- _Task brief_
Your reply should be made up of every line in the records below that holds the string "between".

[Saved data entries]
- Opening Delimiter -

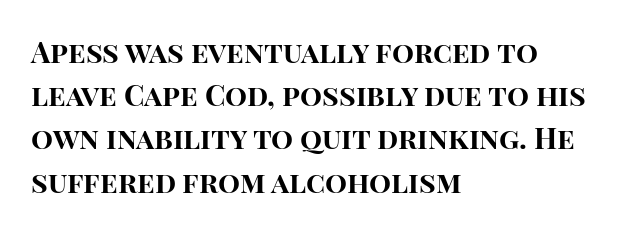
Lines of text with bare space underneath. Italic: no, the glyphs are upright roman. The rendering uses a moderate line-height, typical for paragraphs. Honestly, the letter spacing is just normal — you wouldn't notice it. A typesetter would label this face a sans. This is heavy type, rendered in bold.
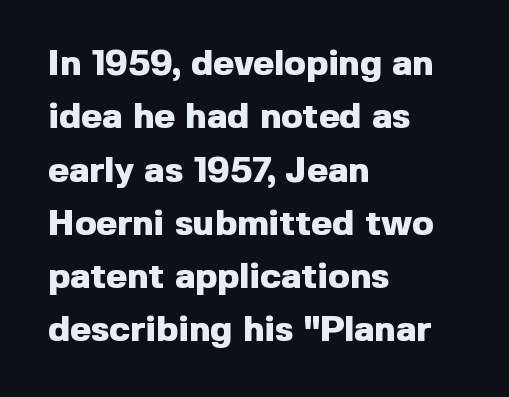
The image shows 36 px heavy sans-serif type, upright; set left-aligned, normal line spacing (1.48x), normal letter spacing, not underlined; a medium x-height.
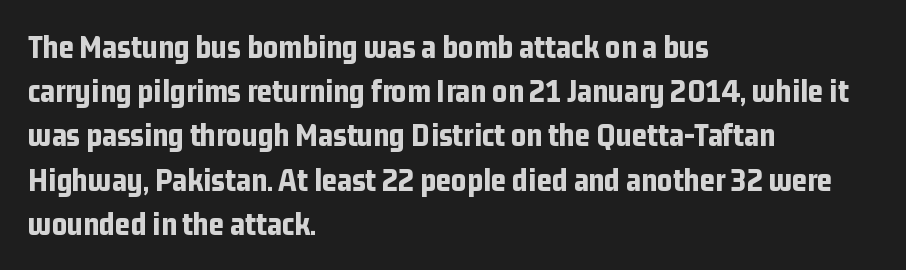
The image shows 33 px bold, condensed sans-serif type, upright; set left-aligned, normal line spacing (1.34x), normal letter spacing, not underlined; low stroke contrast and a medium x-height.
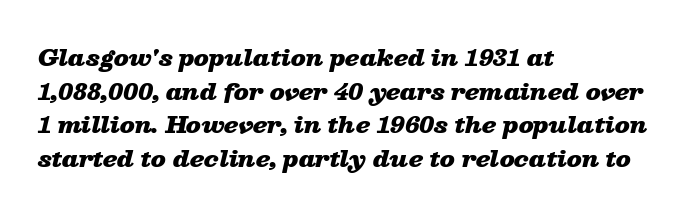
{"italic": "yes", "lean": "right", "slant_degrees": 13, "bold": "yes", "underline": "no", "align": "left", "line_spacing": "normal", "line_spacing_ratio": 1.53, "letter_spacing": "normal", "letter_spacing_em": 0.0, "glyph_px": 22}
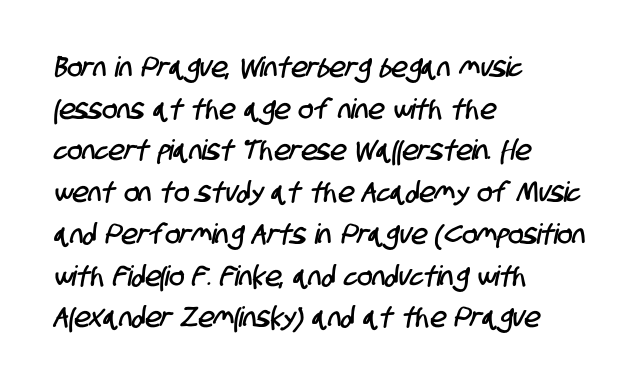
The image shows 28 px condensed sans-serif type; set left-aligned, normal line spacing (1.49x), normal letter spacing, not underlined; low stroke contrast and a large x-height.
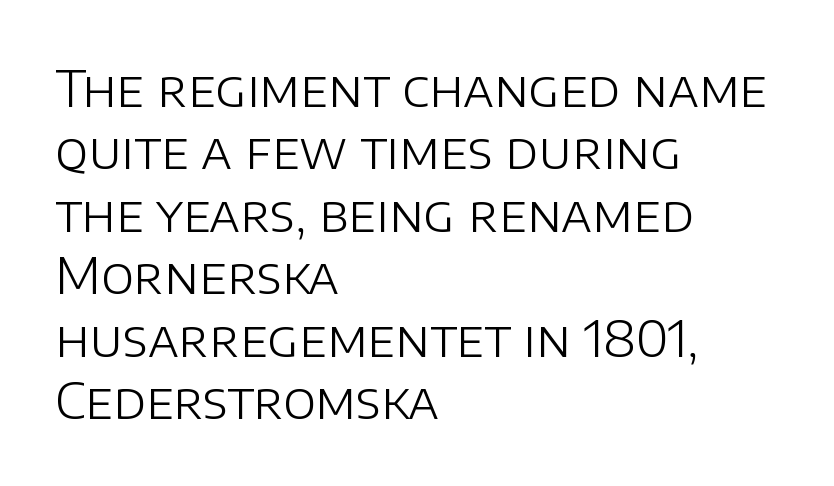
Q: Is the text bold? A: No.
Q: Is the text italic (slanted)? A: No, it is upright.
Q: Is the typeface a serif or a sans-serif typeface? A: Sans-serif.
Q: Is the text underlined? A: No.
Q: How is the paragraph aligned? A: Left-aligned.
Q: Is the spacing between letters normal or unusually wide? A: Normal.
Q: Is the spacing between lines tight, normal or loose? A: Normal.
Q: Width (condensed, normal, or wide)? A: Normal.
Q: Stroke contrast? A: Low.
Q: x-height? A: Large.
Q: Monospaced? A: No.
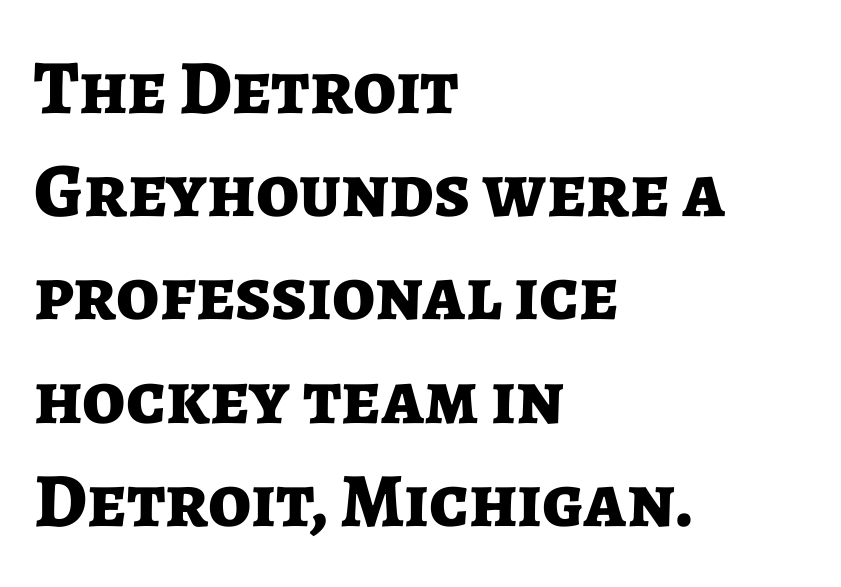
{"serif": "no", "italic": "no", "bold": "yes", "weight": "bold", "width": "normal", "stroke_contrast": "low", "x_height": "medium", "monospaced": "no", "underline": "no", "align": "left", "line_spacing": "normal", "line_spacing_ratio": 1.34, "letter_spacing": "normal", "letter_spacing_em": 0.0, "glyph_px": 77}
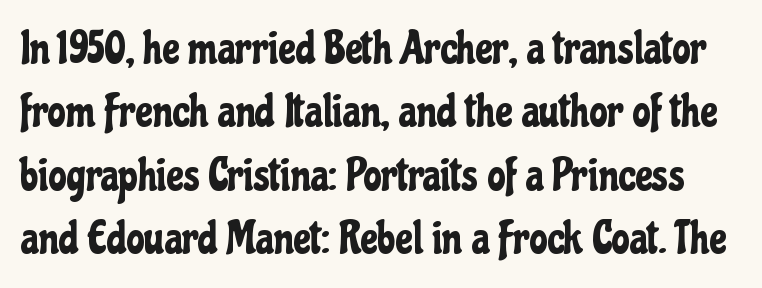
{"serif": "no", "italic": "no", "width": "condensed", "stroke_contrast": "low", "x_height": "medium", "monospaced": "no", "underline": "no", "line_spacing": "normal", "line_spacing_ratio": 1.38, "letter_spacing": "normal", "letter_spacing_em": 0.0, "glyph_px": 46}

- Closing Delimiter -

- _Exercise answer_
Q: Is the spacing between letters normal or unusually wide? A: Normal.
Q: Is the spacing between lines tight, normal or loose? A: Normal.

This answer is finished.